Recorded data
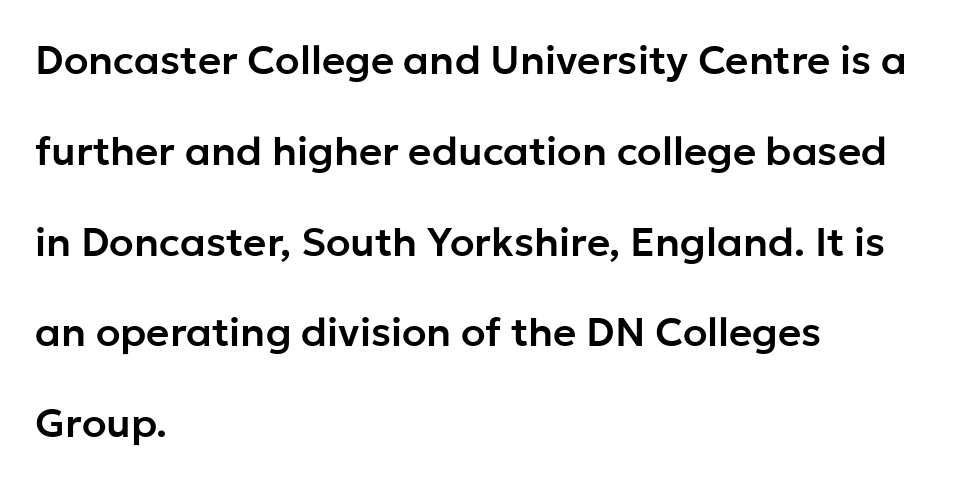
Q: Is the text italic (slanted)? A: No, it is upright.
Q: Is the typeface a serif or a sans-serif typeface? A: Sans-serif.
Q: Is the text underlined? A: No.
Q: How is the paragraph aligned? A: Left-aligned.
Q: Is the spacing between letters normal or unusually wide? A: Normal.
Q: Is the spacing between lines tight, normal or loose? A: Loose.
Q: Width (condensed, normal, or wide)? A: Normal.
Q: Stroke contrast? A: Low.
Q: x-height? A: Medium.
Q: Monospaced? A: No.

Exercise aim.
Leaving aside the images, write out the entries above word for word.

Solution to this task.
Q: Is the text italic (slanted)? A: No, it is upright.
Q: Is the typeface a serif or a sans-serif typeface? A: Sans-serif.
Q: Is the text underlined? A: No.
Q: How is the paragraph aligned? A: Left-aligned.
Q: Is the spacing between letters normal or unusually wide? A: Normal.
Q: Is the spacing between lines tight, normal or loose? A: Loose.
Q: Width (condensed, normal, or wide)? A: Normal.
Q: Stroke contrast? A: Low.
Q: x-height? A: Medium.
Q: Monospaced? A: No.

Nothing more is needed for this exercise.